Jengkolat acid poisoning is a rare condition, but it is an important causative factor for acute kidney failure. In the interior of Borneo, based on a study report from Nur C. Bunawan et al in 2014, reported by NCBI, there were 96 reported cases of jengkol poisoning - the majority of patients recovered with outpatient treatment, but four people were declared dead due to acute kidney failure. One study from Sarawak University in Malaysia in 2007, reported from Science Daily, reported a patient who complained of colic pain in the left waist, pain during urination, bloody urine (hematuria), and foul-smelling urine a day after eating jengkol. He also complained of little urine production and the inability to urinate - all showing acute anuric kidney failure.
Jengkolat acid poisoning can occur after eating jengkol, whose seeds are still raw or undercooked. This is caused by the jengkolat acid compound which is still intact and active. However, not all connoisseurs of jengkol will definitely experience this poisoning, because the level of one's sensitivity to jengkolat acid will depend on the condition of the stomach acid, how much jengkol is eaten, or how to cook it.
You who are jengkol lovers who have high stomach acid conditions will be more at risk of poisoning. The reason is that jengkolat acid which has a hard-to-dissolve nature in water will crystallize in high concentrations of stomach acid. This crystal can cause blockages in the urinary tract and also in the kidneys, so that in certain severe cases, eating too much jengkol can cause kidney damage. Therefore, jengkolat acid is said to be toxic to the kidneys.
What are the symptoms of jengkol eating?
Eating jengkol will generally leave a trace of jengkol on your breath, mouth and urine.

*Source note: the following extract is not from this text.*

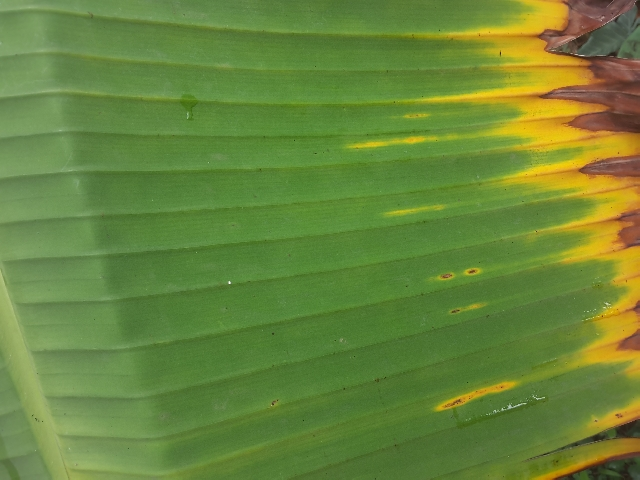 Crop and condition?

banana, fusarium wilt race 1

Complaints of symptoms due to poisoning generally occur 5-12 hours after consuming jengkol.
Symptoms can include nausea, vomiting, abdominal pain, sometimes accompanied by vomiting, attacks of colic and pain during urination, dysuria (urinary disorders), and hematuria (blood in the urine) . The presence of blood in the urine is caused by a wound in the stomach, urinary tract, even in the kidneys due to being scratched by sharp jengkolat acid crystals.
If symptoms persist, jengkolat acid poisoning can cause acute kidney failure, which is characterized by the oliguri-anuria phase (very little urine out), which is then followed by the polyuria phase (very large amounts of urine within a certain period). A urine test in the laboratory can show the appearance of a jengkolat acid molecule in the form of a pointed needle that sometimes clots into a bond. Based on their chemical reactions, acute renal failure due to jengkolat acid poisoning can be juxtaposed with acute gout nephropathy.

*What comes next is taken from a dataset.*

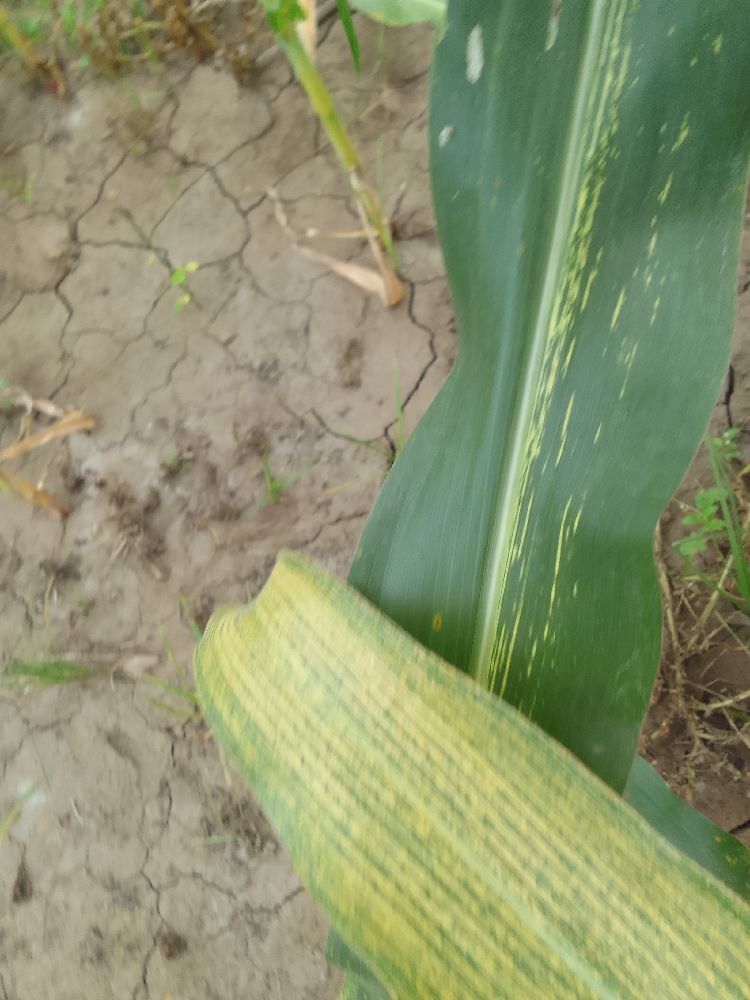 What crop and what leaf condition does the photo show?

maize, maize streak virus

How to treat jengkolat acid poisoning?
Mild jengkolat poisoning (low back pain and abdominal colic pain) can generally be managed by increasing drinking water and giving 2 grams of sodium bicarbonate 4 times a day orally until the symptoms gradually subside. Whereas in cases of severe poisoning (oliguria, hematuria, anuria, or unable to drink), patients need to be referred to the hospital for further medical treatment.
What should be done to prevent kidney poisoning from eating jengkol?
For those of you who are jengkol lovers, you should avoid eating jengkol when the stomach is completely empty, and do not be accompanied by other foods /drinks that are also acidic. Also avoid eating raw jengkol. Cook the jengkol until it is fully cooked so that the jengkolat acid content breaks down and decreases its concentration.
Finally, we know you don't feel able to live without eating jengkol, but don't overdo it. Overdoing is not always better.